Exercise:
Each line of the data has to be written out again exactly as shown.

---- Records for this task

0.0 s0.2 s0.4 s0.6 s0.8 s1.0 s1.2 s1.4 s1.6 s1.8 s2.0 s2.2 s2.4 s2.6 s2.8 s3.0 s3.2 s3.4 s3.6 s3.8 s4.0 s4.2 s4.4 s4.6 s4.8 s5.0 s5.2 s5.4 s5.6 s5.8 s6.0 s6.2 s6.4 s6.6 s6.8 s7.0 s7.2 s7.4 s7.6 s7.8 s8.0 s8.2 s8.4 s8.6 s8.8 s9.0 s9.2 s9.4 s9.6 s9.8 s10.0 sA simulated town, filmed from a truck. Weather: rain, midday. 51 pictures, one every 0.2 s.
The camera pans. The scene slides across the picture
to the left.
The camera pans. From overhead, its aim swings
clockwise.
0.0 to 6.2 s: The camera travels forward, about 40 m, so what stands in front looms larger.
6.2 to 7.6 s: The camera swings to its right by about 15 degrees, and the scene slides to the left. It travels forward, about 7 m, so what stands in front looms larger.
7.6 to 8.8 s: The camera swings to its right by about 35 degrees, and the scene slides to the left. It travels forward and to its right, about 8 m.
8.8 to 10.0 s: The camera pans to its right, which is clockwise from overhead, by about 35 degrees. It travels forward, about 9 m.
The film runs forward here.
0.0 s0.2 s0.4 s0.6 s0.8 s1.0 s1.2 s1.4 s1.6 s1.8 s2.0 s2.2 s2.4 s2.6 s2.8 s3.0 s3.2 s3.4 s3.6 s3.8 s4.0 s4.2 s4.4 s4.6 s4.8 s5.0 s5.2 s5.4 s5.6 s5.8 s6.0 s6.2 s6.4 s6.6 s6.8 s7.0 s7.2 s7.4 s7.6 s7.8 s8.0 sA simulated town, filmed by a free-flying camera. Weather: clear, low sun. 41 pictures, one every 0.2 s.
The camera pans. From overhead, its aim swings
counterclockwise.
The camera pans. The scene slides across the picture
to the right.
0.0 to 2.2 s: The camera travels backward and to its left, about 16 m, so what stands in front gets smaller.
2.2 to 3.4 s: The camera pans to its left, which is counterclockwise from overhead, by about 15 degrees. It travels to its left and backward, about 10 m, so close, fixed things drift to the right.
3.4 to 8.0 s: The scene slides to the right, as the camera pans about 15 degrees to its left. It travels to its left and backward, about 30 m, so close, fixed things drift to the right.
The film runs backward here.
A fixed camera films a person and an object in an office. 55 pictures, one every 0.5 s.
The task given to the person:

--------

Answer area:
0.0 s0.2 s0.4 s0.6 s0.8 s1.0 s1.2 s1.4 s1.6 s1.8 s2.0 s2.2 s2.4 s2.6 s2.8 s3.0 s3.2 s3.4 s3.6 s3.8 s4.0 s4.2 s4.4 s4.6 s4.8 s5.0 s5.2 s5.4 s5.6 s5.8 s6.0 s6.2 s6.4 s6.6 s6.8 s7.0 s7.2 s7.4 s7.6 s7.8 s8.0 s8.2 s8.4 s8.6 s8.8 s9.0 s9.2 s9.4 s9.6 s9.8 s10.0 sA simulated town, filmed from a truck. Weather: rain, midday. 51 pictures, one every 0.2 s.
The camera pans. The scene slides across the picture
to the left.
The camera pans. From overhead, its aim swings
clockwise.
0.0 to 6.2 s: The camera travels forward, about 40 m, so what stands in front looms larger.
6.2 to 7.6 s: The camera swings to its right by about 15 degrees, and the scene slides to the left. It travels forward, about 7 m, so what stands in front looms larger.
7.6 to 8.8 s: The camera swings to its right by about 35 degrees, and the scene slides to the left. It travels forward and to its right, about 8 m.
8.8 to 10.0 s: The camera pans to its right, which is clockwise from overhead, by about 35 degrees. It travels forward, about 9 m.
The film runs forward here.
0.0 s0.2 s0.4 s0.6 s0.8 s1.0 s1.2 s1.4 s1.6 s1.8 s2.0 s2.2 s2.4 s2.6 s2.8 s3.0 s3.2 s3.4 s3.6 s3.8 s4.0 s4.2 s4.4 s4.6 s4.8 s5.0 s5.2 s5.4 s5.6 s5.8 s6.0 s6.2 s6.4 s6.6 s6.8 s7.0 s7.2 s7.4 s7.6 s7.8 s8.0 sA simulated town, filmed by a free-flying camera. Weather: clear, low sun. 41 pictures, one every 0.2 s.
The camera pans. From overhead, its aim swings
counterclockwise.
The camera pans. The scene slides across the picture
to the right.
0.0 to 2.2 s: The camera travels backward and to its left, about 16 m, so what stands in front gets smaller.
2.2 to 3.4 s: The camera pans to its left, which is counterclockwise from overhead, by about 15 degrees. It travels to its left and backward, about 10 m, so close, fixed things drift to the right.
3.4 to 8.0 s: The scene slides to the right, as the camera pans about 15 degrees to its left. It travels to its left and backward, about 30 m, so close, fixed things drift to the right.
The film runs backward here.
A fixed camera films a person and an object in an office. 55 pictures, one every 0.5 s.
The task given to the person:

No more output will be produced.